Abbott Receives FDA Emergency Use Authorization for Four-Virus Respiratory Test

Abbott Laboratories has secured Emergency Use Authorization (EUA) from the U.S. Food and Drug Administration (FDA) for a new diagnostic test capable of simultaneously detecting four common respiratory viruses from a single sample. The Alinity m Resp-4-Plex test identifies SARS-CoV-2 (the virus that causes COVID-19), Influenza A, Influenza B, and Respiratory Syncytial Virus (RSV) using one nasal or nasopharyngeal swab.

The development aims to streamline the testing process for both patients and healthcare providers. By consolidating four separate tests into one, the new assay reduces the number of swabs needed, potentially lessening patient discomfort and decreasing the time spent in healthcare settings. This efficiency also extends to laboratory operations, requiring fewer resources and less manual processing.

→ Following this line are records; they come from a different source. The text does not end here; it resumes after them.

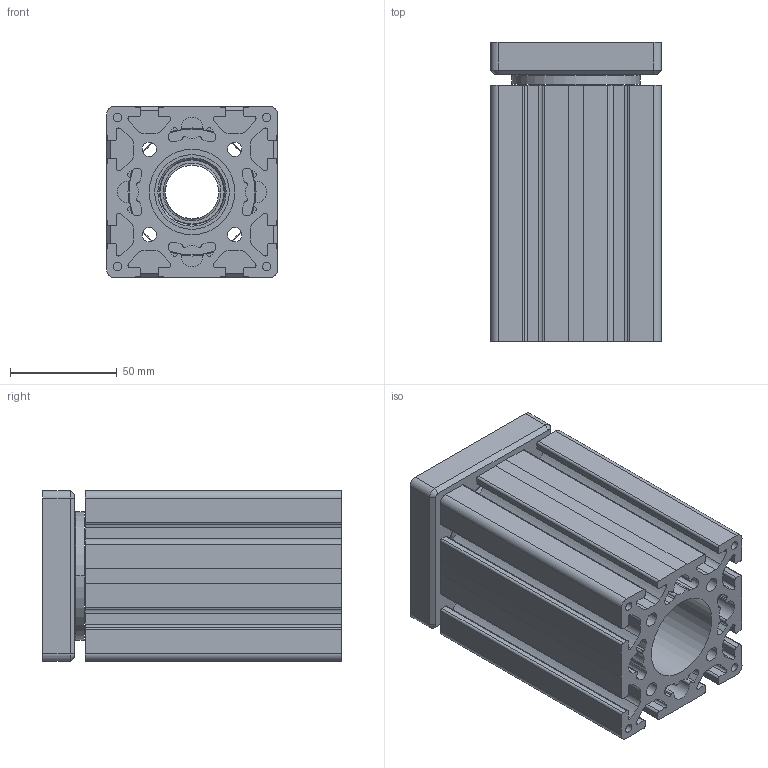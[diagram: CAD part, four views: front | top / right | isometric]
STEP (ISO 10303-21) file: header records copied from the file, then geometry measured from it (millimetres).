
FILE_DESCRIPTION (( 'STEP AP214' ), '1' );
FILE_NAME ('SA5210N.stp', '2012-08-08T19:43:35', ( 'Tony' ), ( '' ), 'SwSTEP 2.0', 'SolidWorks 2012', '' );
FILE_SCHEMA (( 'AUTOMOTIVE_DESIGN' ));
Length unit declared in the file: millimetre
Products named in the file (1): SA5210N
Bounding box: 80 x 140 x 80 mm (x, y, z)
Surface area: 169913.9 mm2 (no closed solid volume)
Topology: 0 solids, 4 shells, 323 faces, 944 edges, 626 vertices
Faces by surface type: cylinder 240, plane 73, cone 8, bspline 2
Entity records: 14593 total; most frequent: DIRECTION 2080, CARTESIAN_POINT 1930, ORIENTED_EDGE 1860, EDGE_CURVE 944, AXIS2_PLACEMENT_3D 816, VERTEX_POINT 626, CIRCLE 494, VECTOR 448

Simultaneous testing is crucial given the overlapping symptoms of these respiratory illnesses, which can make clinical diagnosis challenging. The Alinity m Resp-4-Plex utilizes Polymerase Chain Reaction (PCR) technology, known for its high sensitivity, and operates on Abbott's Alinity m system. This platform is designed for flexibility, allowing for random access testing that can expedite result delivery.

Abbott indicates that the test is intended to help manage the burden on healthcare systems, particularly during peak respiratory illness seasons. The assay is designated for use in clinical laboratories certified under the Clinical Laboratory Improvement Amendments (CLIA) of 1988 to perform moderate or high-complexity tests in the United States.

By providing rapid and comprehensive results, the test is expected to aid healthcare professionals in making timely treatment decisions and implementing appropriate infection control measures to prevent further spread.